WHAT THIS TASK INVOLVES: Among the records below, find the line with "Question: Can you" and the line with "Character: 嗶". Set down both and every line between, exactly and with no pictures, but nothing else.

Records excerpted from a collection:

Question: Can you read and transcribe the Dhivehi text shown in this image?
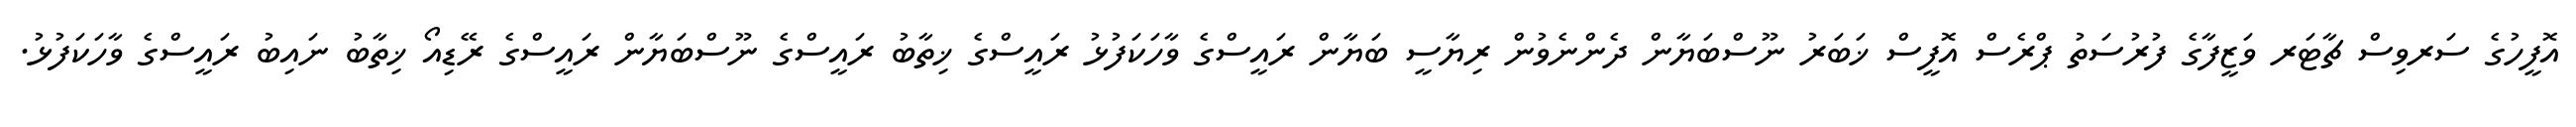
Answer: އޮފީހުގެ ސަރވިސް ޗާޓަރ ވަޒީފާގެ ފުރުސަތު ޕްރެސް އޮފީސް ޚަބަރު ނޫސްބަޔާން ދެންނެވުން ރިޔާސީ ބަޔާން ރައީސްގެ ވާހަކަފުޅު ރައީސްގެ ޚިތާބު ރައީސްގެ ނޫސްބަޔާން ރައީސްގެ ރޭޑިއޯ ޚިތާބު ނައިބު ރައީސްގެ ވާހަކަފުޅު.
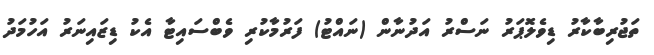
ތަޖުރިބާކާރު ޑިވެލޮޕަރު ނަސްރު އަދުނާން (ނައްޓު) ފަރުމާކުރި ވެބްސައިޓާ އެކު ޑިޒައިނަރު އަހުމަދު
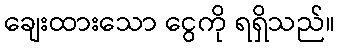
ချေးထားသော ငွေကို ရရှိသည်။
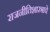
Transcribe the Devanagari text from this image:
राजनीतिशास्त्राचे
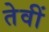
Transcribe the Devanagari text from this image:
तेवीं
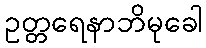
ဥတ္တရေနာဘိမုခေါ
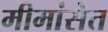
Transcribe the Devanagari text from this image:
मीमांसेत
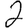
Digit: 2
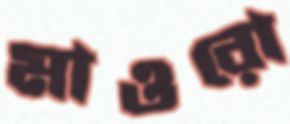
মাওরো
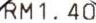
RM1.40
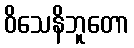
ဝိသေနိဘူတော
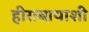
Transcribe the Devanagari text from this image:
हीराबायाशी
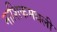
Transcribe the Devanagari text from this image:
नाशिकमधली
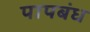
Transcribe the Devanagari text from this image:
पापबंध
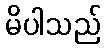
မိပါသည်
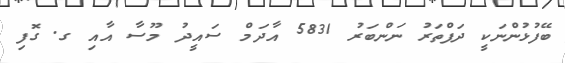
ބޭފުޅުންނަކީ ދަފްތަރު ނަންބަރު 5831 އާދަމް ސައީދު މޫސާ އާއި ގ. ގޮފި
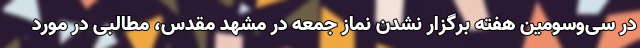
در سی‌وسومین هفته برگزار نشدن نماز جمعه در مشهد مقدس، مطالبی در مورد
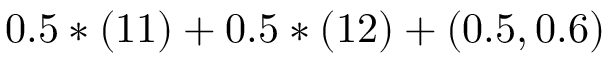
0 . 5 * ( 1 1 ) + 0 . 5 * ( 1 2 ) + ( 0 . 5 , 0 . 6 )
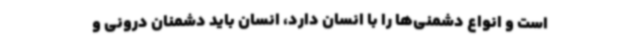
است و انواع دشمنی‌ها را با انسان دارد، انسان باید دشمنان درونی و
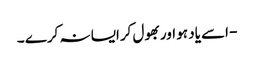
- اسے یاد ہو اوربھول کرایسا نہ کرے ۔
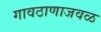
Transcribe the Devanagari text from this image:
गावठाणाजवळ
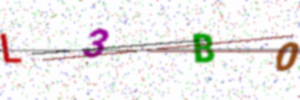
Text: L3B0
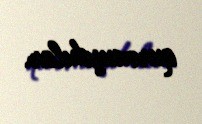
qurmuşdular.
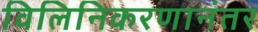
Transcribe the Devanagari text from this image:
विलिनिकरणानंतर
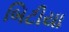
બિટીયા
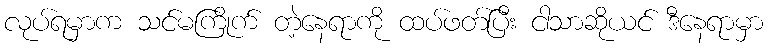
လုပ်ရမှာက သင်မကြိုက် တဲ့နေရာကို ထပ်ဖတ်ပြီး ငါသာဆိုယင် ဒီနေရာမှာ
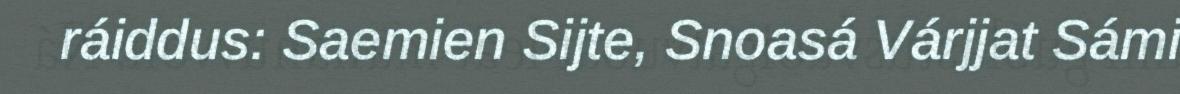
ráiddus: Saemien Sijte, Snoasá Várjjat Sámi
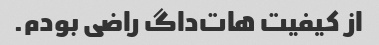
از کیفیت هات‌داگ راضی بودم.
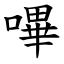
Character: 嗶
---
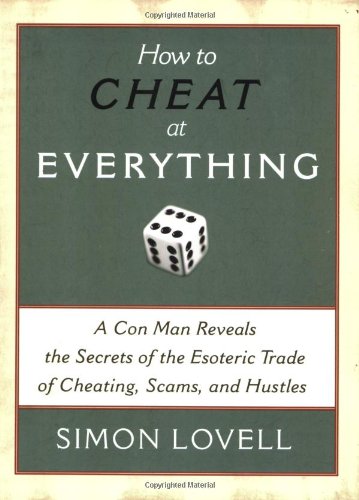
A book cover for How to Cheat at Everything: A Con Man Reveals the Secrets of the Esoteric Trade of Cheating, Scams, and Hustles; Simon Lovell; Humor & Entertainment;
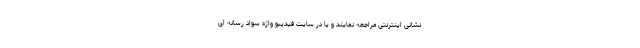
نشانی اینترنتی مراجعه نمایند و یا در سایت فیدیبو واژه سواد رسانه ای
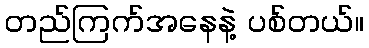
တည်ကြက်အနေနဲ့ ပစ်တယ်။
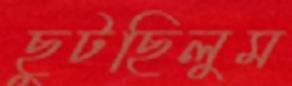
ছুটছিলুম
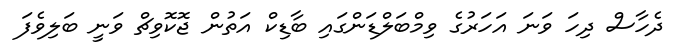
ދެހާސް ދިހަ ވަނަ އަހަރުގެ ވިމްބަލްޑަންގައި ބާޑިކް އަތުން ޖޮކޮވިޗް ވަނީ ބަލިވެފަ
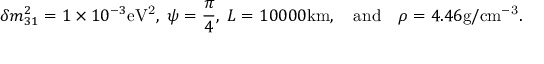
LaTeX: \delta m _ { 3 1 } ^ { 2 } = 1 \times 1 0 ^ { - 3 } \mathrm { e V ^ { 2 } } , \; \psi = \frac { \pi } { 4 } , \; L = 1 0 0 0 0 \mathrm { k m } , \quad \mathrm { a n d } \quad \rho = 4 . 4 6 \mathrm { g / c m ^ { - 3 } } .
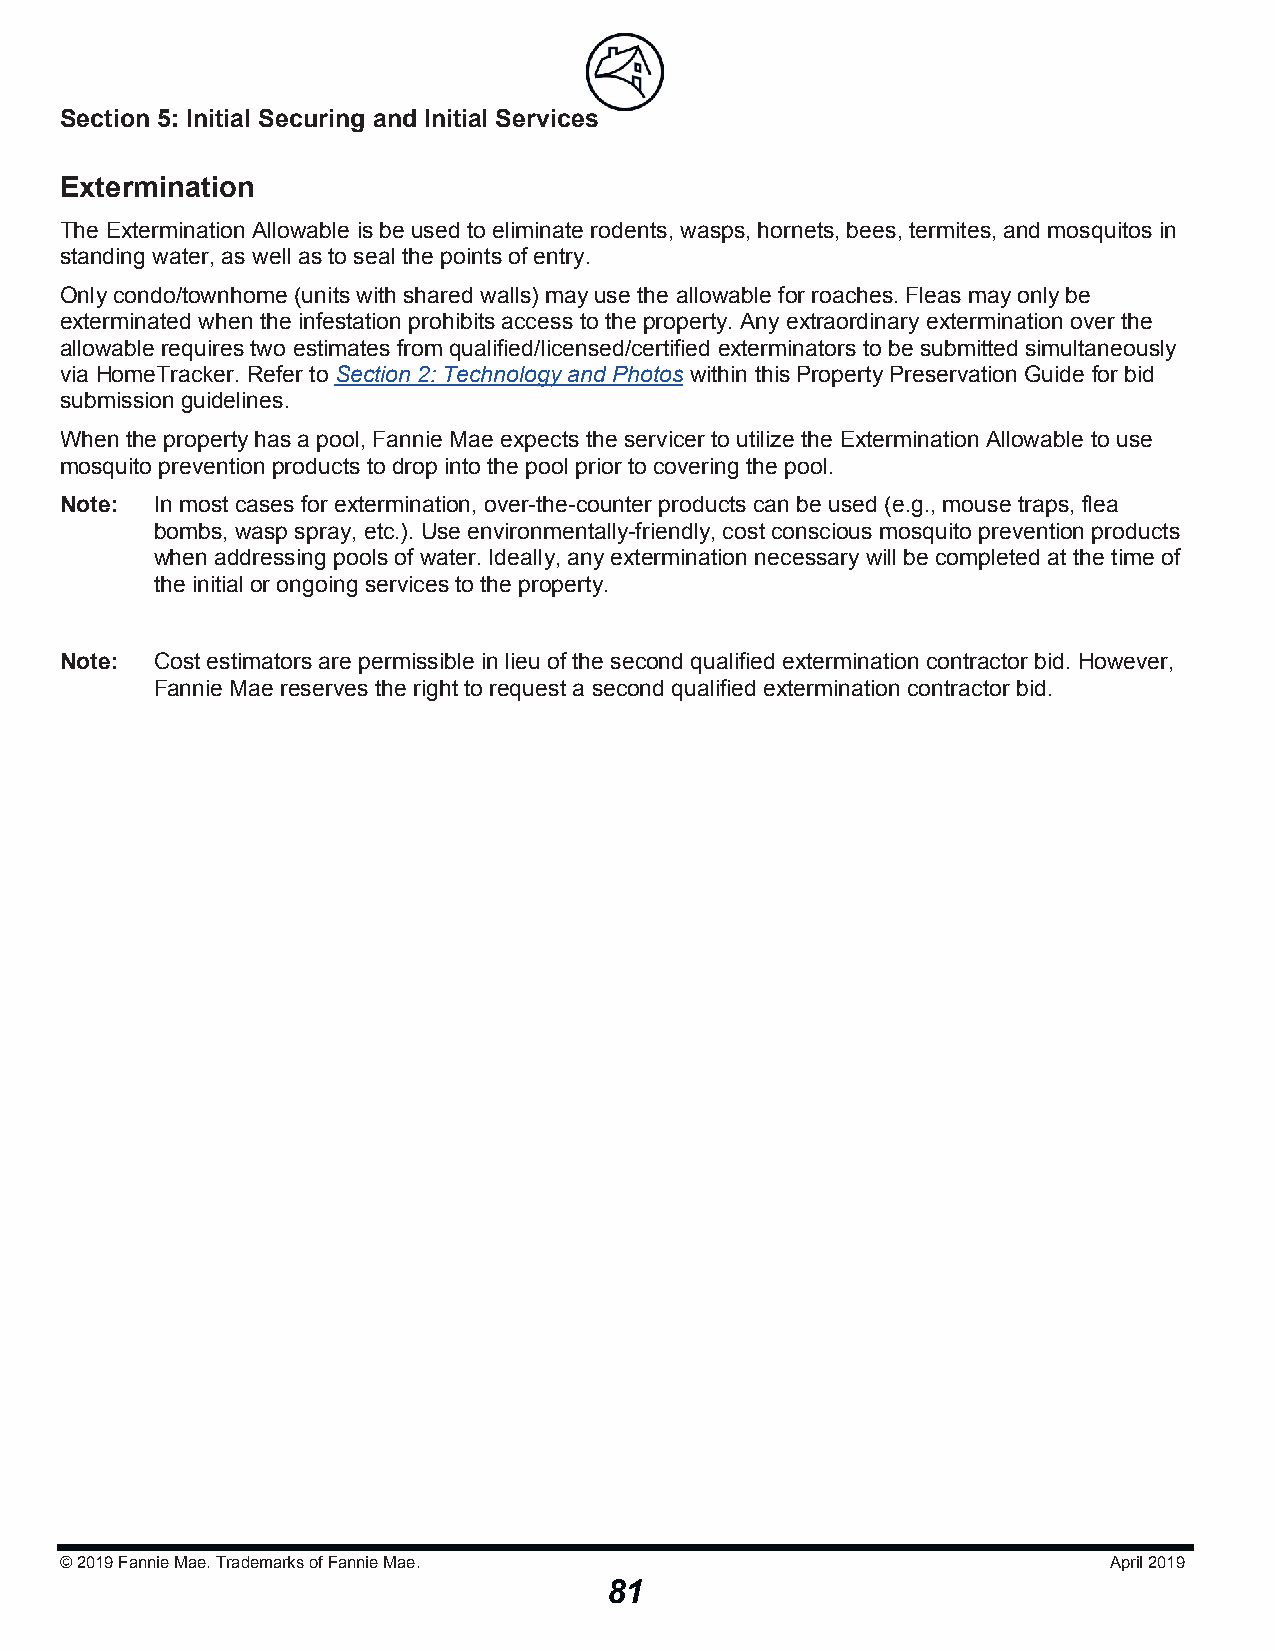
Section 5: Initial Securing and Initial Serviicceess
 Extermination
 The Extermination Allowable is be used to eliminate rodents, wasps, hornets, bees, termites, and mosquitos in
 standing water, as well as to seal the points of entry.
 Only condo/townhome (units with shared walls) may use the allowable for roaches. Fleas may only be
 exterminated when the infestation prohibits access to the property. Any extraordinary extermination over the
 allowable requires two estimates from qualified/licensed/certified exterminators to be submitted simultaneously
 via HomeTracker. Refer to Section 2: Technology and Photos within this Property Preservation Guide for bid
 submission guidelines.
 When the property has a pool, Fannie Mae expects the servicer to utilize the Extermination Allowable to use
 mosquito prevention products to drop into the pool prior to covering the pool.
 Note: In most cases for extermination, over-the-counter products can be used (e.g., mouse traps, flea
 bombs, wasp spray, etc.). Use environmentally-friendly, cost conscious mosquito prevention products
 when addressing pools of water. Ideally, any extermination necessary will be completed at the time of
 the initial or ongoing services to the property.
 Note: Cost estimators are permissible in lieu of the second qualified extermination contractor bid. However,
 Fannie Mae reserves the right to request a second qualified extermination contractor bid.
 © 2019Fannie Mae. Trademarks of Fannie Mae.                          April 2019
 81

RESULT OF THE TASK:
Question: Can you read and transcribe the Dhivehi text shown in this image?
Answer: އޮފީހުގެ ސަރވިސް ޗާޓަރ ވަޒީފާގެ ފުރުސަތު ޕްރެސް އޮފީސް ޚަބަރު ނޫސްބަޔާން ދެންނެވުން ރިޔާސީ ބަޔާން ރައީސްގެ ވާހަކަފުޅު ރައީސްގެ ޚިތާބު ރައީސްގެ ނޫސްބަޔާން ރައީސްގެ ރޭޑިއޯ ޚިތާބު ނައިބު ރައީސްގެ ވާހަކަފުޅު.
ތަޖުރިބާކާރު ޑިވެލޮޕަރު ނަސްރު އަދުނާން (ނައްޓު) ފަރުމާކުރި ވެބްސައިޓާ އެކު ޑިޒައިނަރު އަހުމަދު
ချေးထားသော ငွေကို ရရှိသည်။
Transcribe the Devanagari text from this image:
राजनीतिशास्त्राचे
Transcribe the Devanagari text from this image:
तेवीं
ဥတ္တရေနာဘိမုခေါ
Transcribe the Devanagari text from this image:
मीमांसेत
Digit: 2
মাওরো
RM1.40
ဝိသေနိဘူတော
Transcribe the Devanagari text from this image:
हीराबायाशी
Transcribe the Devanagari text from this image:
नाशिकमधली
Transcribe the Devanagari text from this image:
पापबंध
မိပါသည်
ބޭފުޅުންނަކީ ދަފްތަރު ނަންބަރު 5831 އާދަމް ސައީދު މޫސާ އާއި ގ. ގޮފި
در سی‌وسومین هفته برگزار نشدن نماز جمعه در مشهد مقدس، مطالبی در مورد
0 . 5 * ( 1 1 ) + 0 . 5 * ( 1 2 ) + ( 0 . 5 , 0 . 6 )
است و انواع دشمنی‌ها را با انسان دارد، انسان باید دشمنان درونی و
- اسے یاد ہو اوربھول کرایسا نہ کرے ۔
Transcribe the Devanagari text from this image:
गावठाणाजवळ
Text: L3B0
qurmuşdular.
Transcribe the Devanagari text from this image:
विलिनिकरणानंतर
બિટીયા
လုပ်ရမှာက သင်မကြိုက် တဲ့နေရာကို ထပ်ဖတ်ပြီး ငါသာဆိုယင် ဒီနေရာမှာ
ráiddus: Saemien Sijte, Snoasá Várjjat Sámi
از کیفیت هات‌داگ راضی بودم.
Character: 嗶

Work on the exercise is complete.